When his wife saw it hanging in his room in Paris she laughed.

'You are determined,' she said, 'that I shall not forget my DesclÉe manquÉe.'

'I do not think you were kind to her,' said Othmar.

'I did not intend to be unkind, certainly. She gave me an impression of force, of talent, of a future: the sketch suggests that. But no doubt she has married the shipwright by this time. Little girls begin by dreaming of RÉnÉ and NÉmorin, but they end in making the pot au feu for Jacques Bonhomme.'

'I do not think she will ever marry the boat-builder. I told you that we made it impossible for her.'

'I know you did; but then you have always des billevesÉes romanesques. The steward at St. Pharamond could tell you what has become of her.'

'I have inquired. She has not returned to the island; her grandfather never speaks of her, and no one knows anything at all about her.'

Nadine smiled.

'Ah! you have inquired already? I thought she impressed you very much.'

'Not at all,' said Othmar irritably, as he glanced at the sketch on which the sunshine was falling. 'But I was sorry that any caprice of yours should have cost anyone so dear.'

'Is that all? And you are sure she has not married her cousin?'

'They say not. He is still living at St. Tropez.'

'Then she must be shut up in some convent.'

'Or dead.'

'Oh no, my dear, she had too much life in her to die. Besides, her grandfather would have made her death known. I am sure she will live and have a history, probably such a history as Madame Tallien's or as Madame Favart's. She carries it in her countenance.'

'Five fathoms of blue water were perhaps the better fate,' said Othmar.
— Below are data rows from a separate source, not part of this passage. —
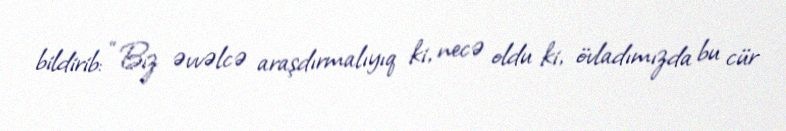
bildirib: “Biz əvvəlcə araşdırmalıyıq ki, necə oldu ki, övladımızda bu cür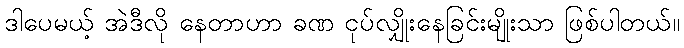
ဒါပေမယ့် အဲဒီလို နေတာဟာ ခဏ ငုပ်လျှိုးနေခြင်းမျိုးသာ ဖြစ်ပါတယ်။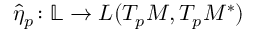
\widehat { \eta } _ { p } \colon \mathbb L \to L ( T _ { p } M , T _ { p } M ^ { * } )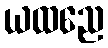
ယထညေ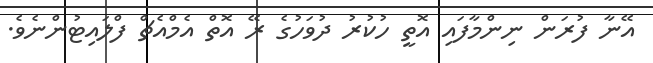
އޭނާ ފުރަން ނިންމާފައި އޮތީ ހުކުރު ދުވަހުގެ ރޭ އޮތް އެމްއެޗް ފްލައިޓުންނެވެ.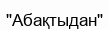
"Абақтыдан"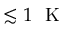
\lesssim 1 ~ \mathrm { ~ K ~ }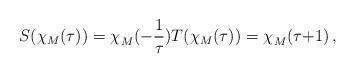
LaTeX: \begin{align*} S(\chi_M(\tau)^{}) = \chi_M^{}({-}\frac{1}{\tau}) T(\chi_M(\tau)^{}) = \chi_M^{}(\tau{+}1) \,, \end{align*}
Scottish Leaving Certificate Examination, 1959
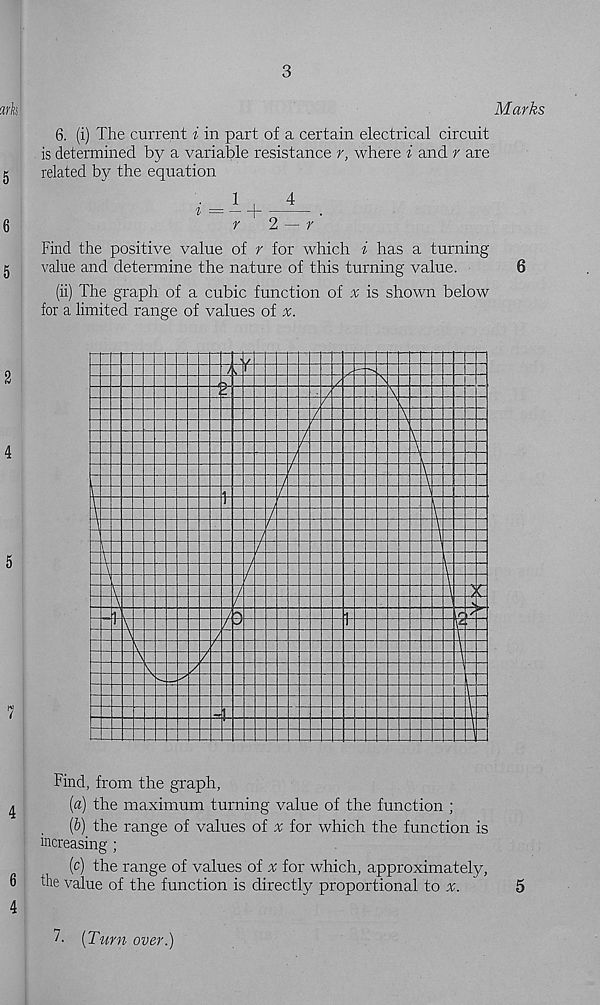
3
Marks
6. (i) The current i in part of a certain electrical circuit
is determined by a variable resistance r, where i and r are
related by the equation
Find the positive value of r for which i has a turning
value and determine the nature of this turning value.
6
(ii) The graph of a cubic function of v is shown below
for a limited range of values of
Find, from the graph,
[а) the maximum turning value of the function ;
(б) the range of values of v for which the function is
increasing;
(c) the range of values of v for which, approximately,
ihe value of the function is directly proportional to x.
5
7- [Turn over.)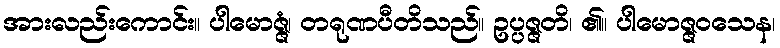
အားလည်းကောင်း။ ပါမောဇ္ဇံ၊ တရုဏပီတိသည်။ ဥပ္ပဇ္ဇတိ၊ ၏။ ပါမောဇ္ဇဝသေန၊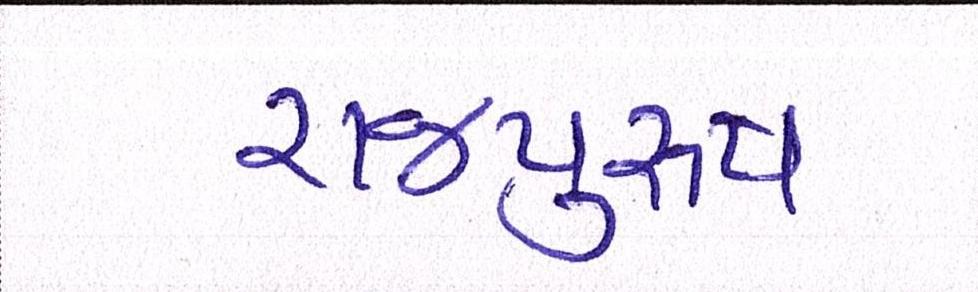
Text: રાજપુરુષ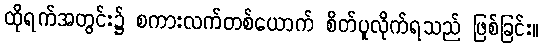
ထိုရက်အတွင်း၌ စကားလက်တစ်ယောက် စိတ်ပူလိုက်ရသည် ဖြစ်ခြင်း။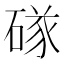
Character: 䃍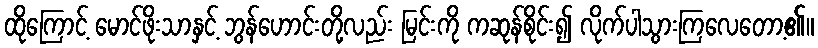
ထိုကြောင့် မောင်ဖိုးသာနှင့် ဘွန်ဟောင်းတို့လည်း မြင်းကို ကဆုန်စိုင်း၍ လိုက်ပါသွားကြလေတော့၏။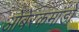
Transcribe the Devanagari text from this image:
ओबेरकमांडो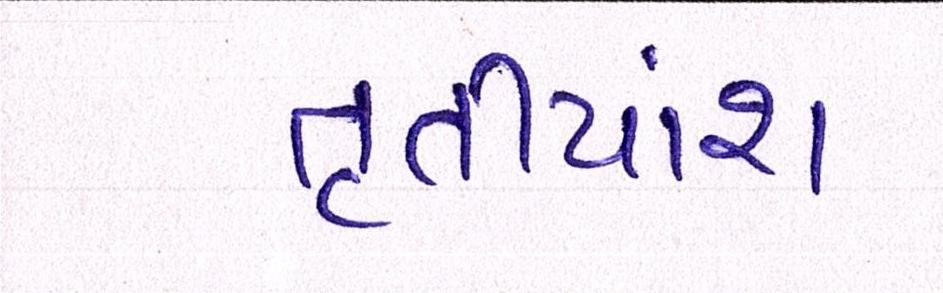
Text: તૃતીયાંશ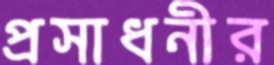
প্রসাধনীর

'You are very poetic,' said his wife with her unkindest smile. 'I always thought you had a touch of genius yourself, only it never took speech or shape. You are a Dante born dumb.'

'Then you should pity me indeed,' said Othmar, with irritation.

He kept the sketch hanging in the room which he most often used at his house in Paris. It served to retain in his memory that night upon the sea when he had seen the figure of Damaris disappear in the moonlight, amidst the silver of the olive-trees, while the fragrance of the orange-scented air and the breath of the sweet-smelling narcissus were wafted to him from the island pastures out over the starlit waters.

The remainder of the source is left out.